Friday, 19 October 2012

Measured religious reactions to marriage equality in France

Below is a non-edited version of my first comment piece for Gay Star News.

Just like in the UK, marriage equality features high up on the news agenda in France. And like in the UK, the most vocal voices against equality come from the right and usually with a religious flavoring.

From the fringes of the main conservative party, Sarkozy's UMP, there have been various mentions of paedophilia, incest or zoophilia as possible consequences of a change in the law. Brigitte Barèges, Christian Vanneste and François Lebel are the main culprits here.

A handful of Mayors have warned that they would disobey the law if it passes, and refuse to perform same-sex ceremonies.

Christine Boutin, who had already distinguished herself by the virulence of her homophobia during the parliamentary debates on PACS in 1999, has called for a referendum on the subject.

So far so sadly familiar.

Religious leaders have, of course, also made themselves heard, none more vocally than the Catholic Archbishop of Lyon, Cardinal Philippe Barbarin, who also went for paedophilia and incest.

Interestingly though, as the Chief Rabbi publishes a 25 page essay declaring his opposition to extending marriage and adoption rights to same-sex couples, the rhetoric used by religious leaders seems much more measured than that used in the UK.

This may be due to the well-estabished secular tradition of the country that the arguments presented by the religious to oppose le mariage pour tous (marriage for all) seem to be contained within fairly legitimate and almost reasonable limits.

They seem to be more genuinely against a change in the definition of marriage than we find them in the UK where words usually quickly turn into a homophobic rants or hysterical protestations of persecution.

Even the Catholic Conference of French Bishops, who's leader has declare the idea a "mistake" and ordered a prayer to be read in all churches during a major festival in August this year, seems willing to consider some form of solemnised unions for same-sex couples that would go beyond PACS, as long as it's not called marriage.

The Chief Rabbi acknowledges that it is not possible to negate the reality of same-sex couples and refuses to judge gay people, placing homophobic hate crimes on the same level as racism and anti-semitism. He just can't see marriage being open to non-heterosexual couples for a series of religious and cultural reasons.
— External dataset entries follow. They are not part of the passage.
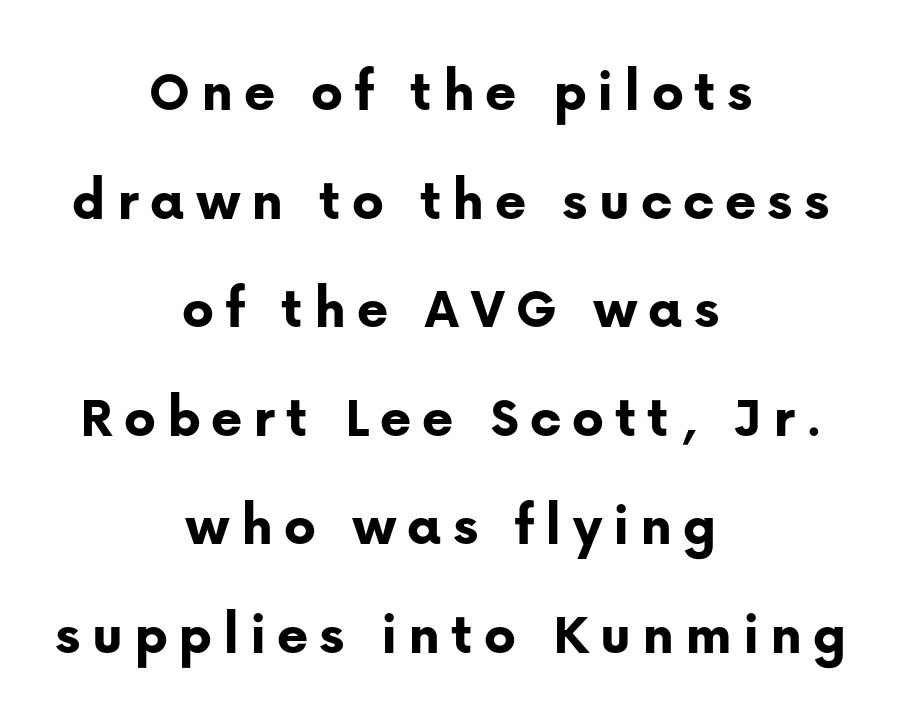
The image shows 60 px bold sans-serif type, upright; set centered, line spacing 1.81x, not underlined; low stroke contrast and a medium x-height.
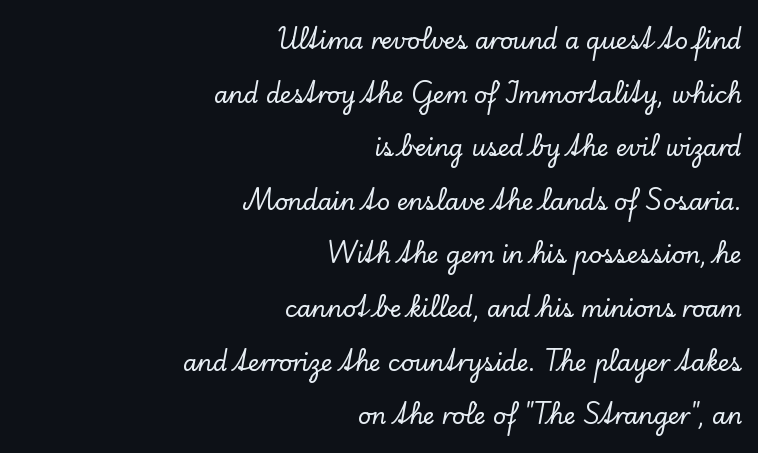
Q: Is the text italic (slanted)? A: Yes.
Q: Is the text underlined? A: No.
Q: How is the paragraph aligned? A: Right-aligned.
Q: Is the spacing between letters normal or unusually wide? A: Normal.
Q: Is the spacing between lines tight, normal or loose? A: Loose.
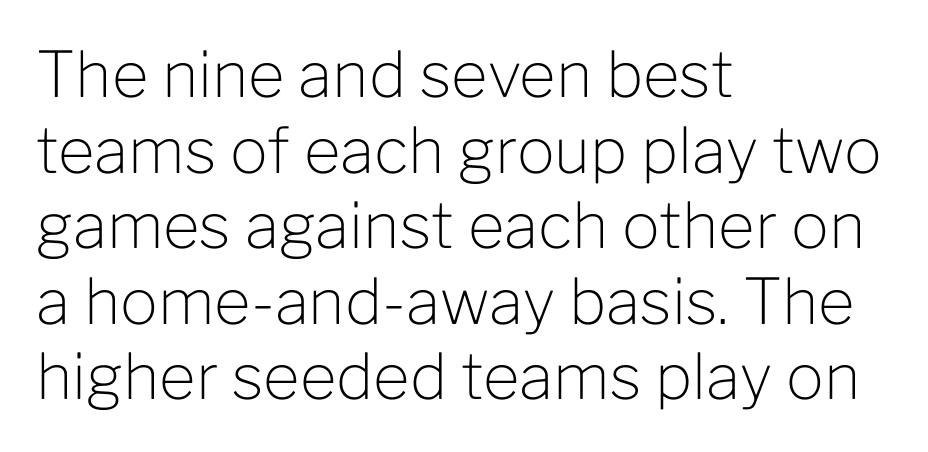
The image shows 63 px light sans-serif type, upright; set left-aligned, line spacing 1.2x, normal letter spacing, not underlined; low stroke contrast and a medium x-height.
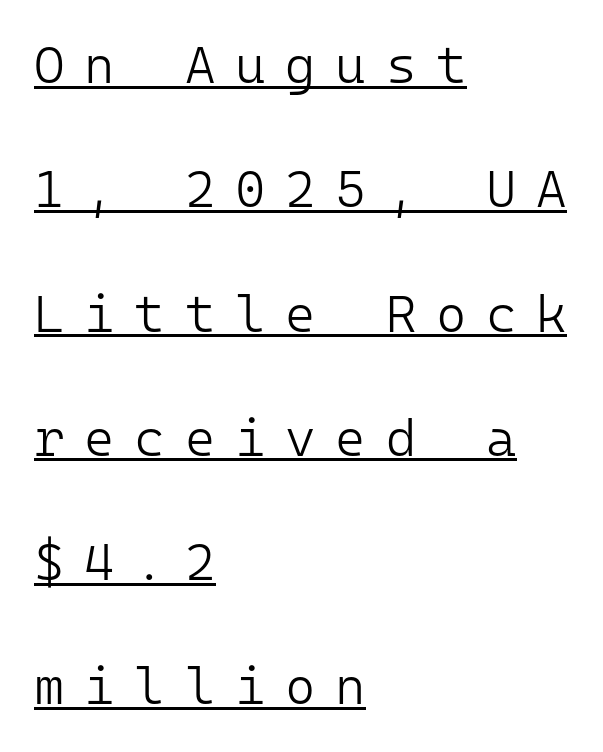
The image shows 52 px light sans-serif type, upright, monospaced; set left-aligned, loose line spacing (2.39x), unusually wide letter spacing (+0.38 em), underlined; low stroke contrast and a medium x-height.

Muslims leaders declare themselves mildly "opposed" to the idea for, it seems, no other reason than that Islam forbids it. Again we are very far from the vitriolic statements we have heard here in the UK.

Because of the way marriage celebrations are arranged by the law, British religious organisations feel a keen sense of ownership on the institution. In France, where only civil ceremonies at the Town Hall have legal value (religious ceremonies are nothing but an optional extra), religious groups can not claim marriage for themselves so easily. This may explain the more restrained approached we observe.
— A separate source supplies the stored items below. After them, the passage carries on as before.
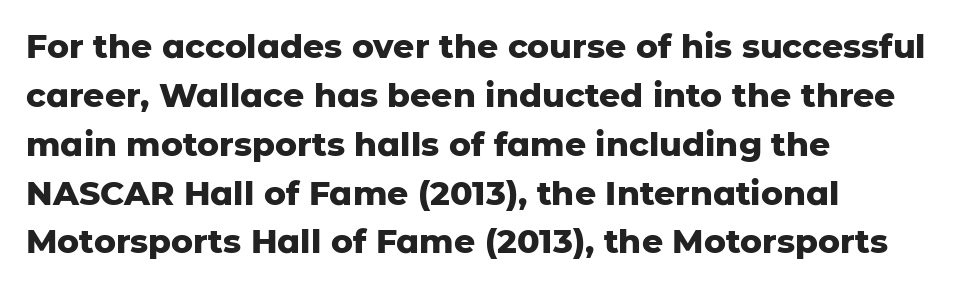
The image shows 33 px heavy sans-serif type, upright; set left-aligned, normal line spacing (1.48x), normal letter spacing, not underlined; low stroke contrast and a medium x-height.
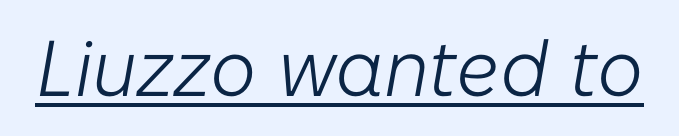
{"italic": "yes", "lean": "right", "slant_degrees": 10, "bold": "no", "weight": "light", "width": "normal", "stroke_contrast": "low", "x_height": "medium", "monospaced": "no", "underline": "yes", "letter_spacing": "normal", "letter_spacing_em": 0.0, "glyph_px": 79}
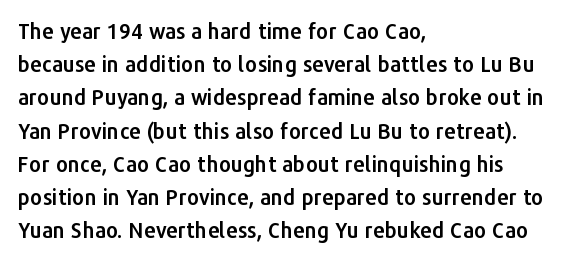
{"italic": "no", "underline": "no", "align": "left", "line_spacing": "normal", "line_spacing_ratio": 1.58, "letter_spacing": "normal", "letter_spacing_em": 0.0, "glyph_px": 21}
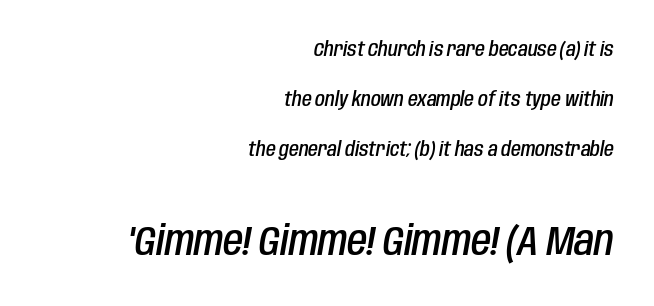
The image shows 41 px semibold, condensed type, italic (leaning right); set right-aligned, loose line spacing (2.49x), normal letter spacing, not underlined; the second (bottom) block is 2.05x larger; low stroke contrast and a large x-height.
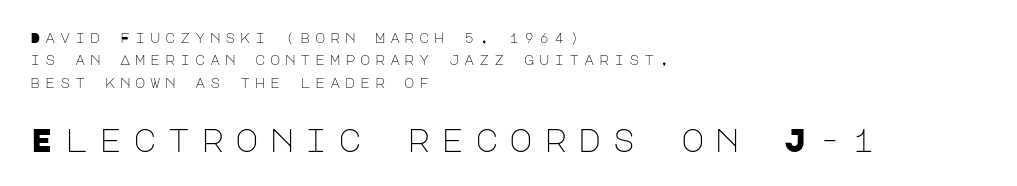
Q: Is the text bold? A: No.
Q: Is the text italic (slanted)? A: No, it is upright.
Q: Is the typeface a serif or a sans-serif typeface? A: Sans-serif.
Q: Is the text underlined? A: No.
Q: How is the paragraph aligned? A: Left-aligned.
Q: Is the spacing between letters normal or unusually wide? A: Unusually wide.
Q: Is the spacing between lines tight, normal or loose? A: Normal.
Q: Which block of text is set in a larger size, the first (top) or the second (bottom)? A: The second (bottom) one.
Q: Width (condensed, normal, or wide)? A: Normal.
Q: Stroke contrast? A: Low.
Q: x-height? A: Large.

Yet it seems that the temptation is still too difficult to resist and religious leaders just can't help sharing their views on the subject with the world.
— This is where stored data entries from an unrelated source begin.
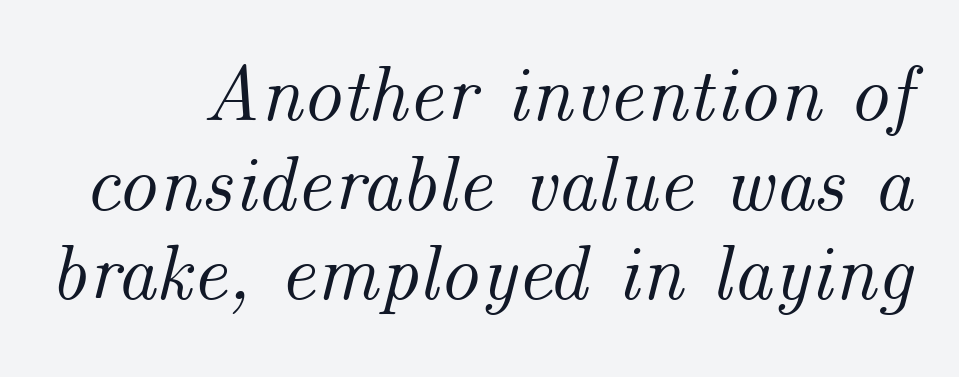
Reading down the column, the eye jumps only a short way to each next line. Look at the tracking — it's just the regular setting, nothing added. The rendering uses natural spacing where letterforms have individual widths. The foot of each line stays bare and open.
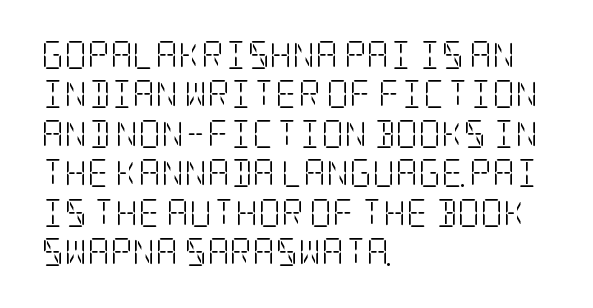
Q: Is the text bold? A: No.
Q: Is the text italic (slanted)? A: No, it is upright.
Q: Is the typeface a serif or a sans-serif typeface? A: Serif.
Q: Is the text underlined? A: No.
Q: How is the paragraph aligned? A: Left-aligned.
Q: Is the spacing between letters normal or unusually wide? A: Normal.
Q: Is the spacing between lines tight, normal or loose? A: Normal.
Q: Width (condensed, normal, or wide)? A: Condensed.
Q: Stroke contrast? A: Low.
Q: x-height? A: Large.
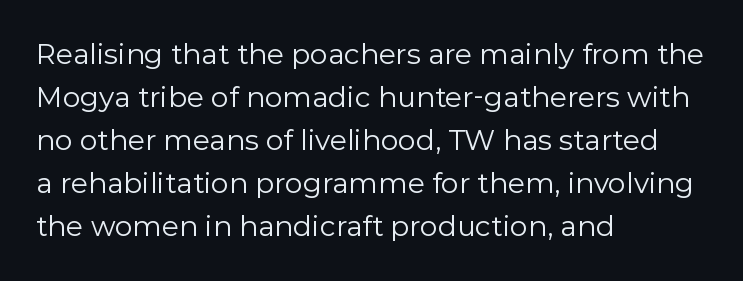
These lines were composed using upright roman letters. Stems and bowls with no extra thickness — not bold. The space between consecutive lines is moderate. What kind of face is this? One without serifs — a sans.
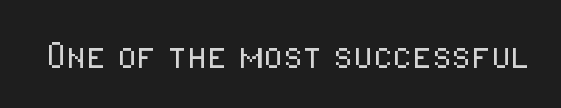
{"serif": "no", "italic": "no", "bold": "no", "weight": "light", "width": "condensed", "stroke_contrast": "low", "x_height": "medium", "monospaced": "no", "underline": "no", "letter_spacing": "normal", "letter_spacing_em": 0.0, "glyph_px": 45}
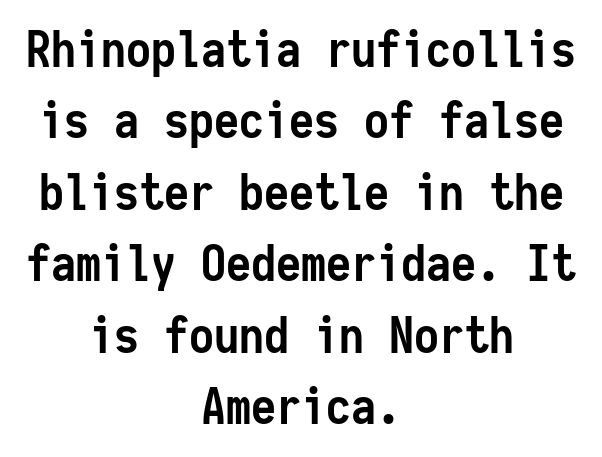
{"serif": "no", "italic": "no", "bold": "yes", "weight": "semibold", "width": "condensed", "stroke_contrast": "low", "x_height": "medium", "monospaced": "yes", "underline": "no", "align": "center", "line_spacing": "normal", "line_spacing_ratio": 1.43, "letter_spacing": "normal", "letter_spacing_em": 0.0, "glyph_px": 50}

The tendency, however, seems to be to forget that the propositions only affect civil marriage (it is the same in the UK). As such they have nothing to do with religion. Further more, all those arguments we hear from the French religious only hold if taken in the context of the faith in which they are expressed.

While religious leaders are, of course, welcome to express their views, they shouldn't expect to be given too much credit by a government who seems thankfully determined to press on with the bill and move away for the segregationist regime those people want to perpetuate so dearly.

Separate but equal is, emphatically, not equal.

4 comments:

  1. mon pauvre et cher vieil ami !

    qu'est donc devenu le sacrement conféré
    par frère Léon ?
    aubigny ? tant de fous rires ? tant de lectures ?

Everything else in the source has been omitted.